(PROMPT): Write the records out exactly as shown. No pictures.

[Start of Attachment]

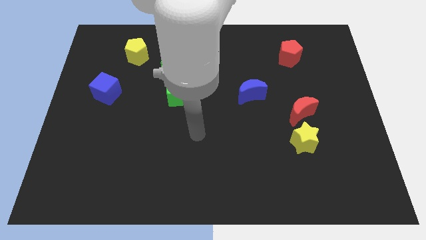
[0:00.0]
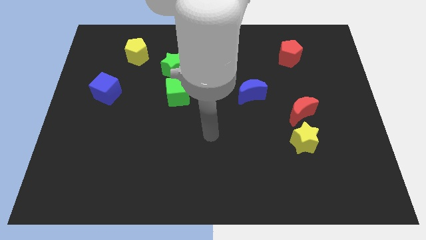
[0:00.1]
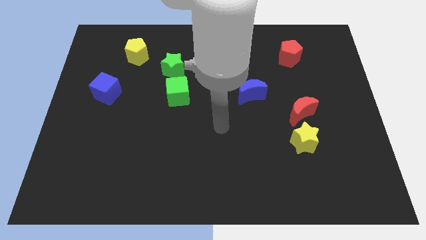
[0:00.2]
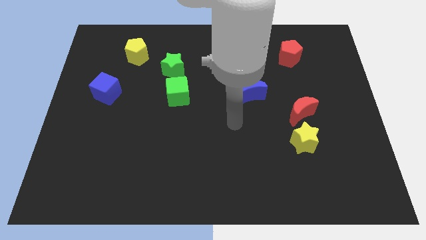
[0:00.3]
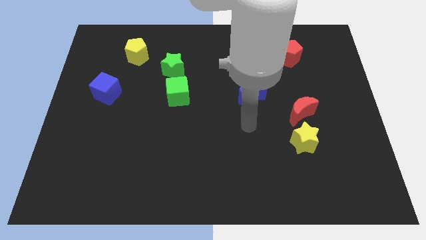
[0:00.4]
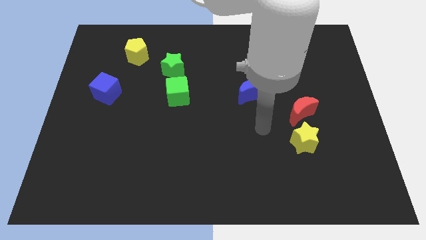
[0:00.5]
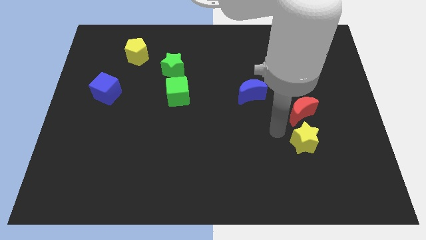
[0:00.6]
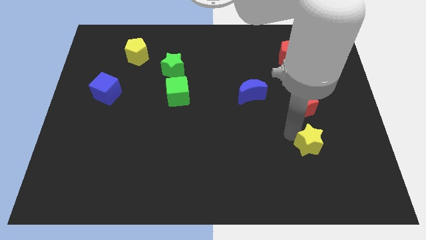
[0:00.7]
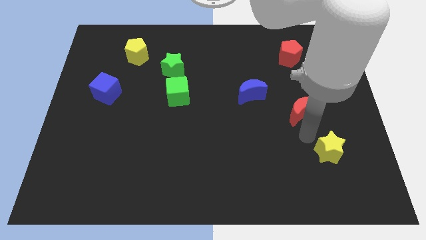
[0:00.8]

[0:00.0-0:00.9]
separate the red moon from the yellow star

[End of Attachment]

(SOLUTION FOR THIS PROBLEM):
[0:00.0]
[0:00.1]
[0:00.2]
[0:00.3]
[0:00.4]
[0:00.5]
[0:00.6]
[0:00.7]
[0:00.8]

[0:00.0-0:00.9]
separate the red moon from the yellow star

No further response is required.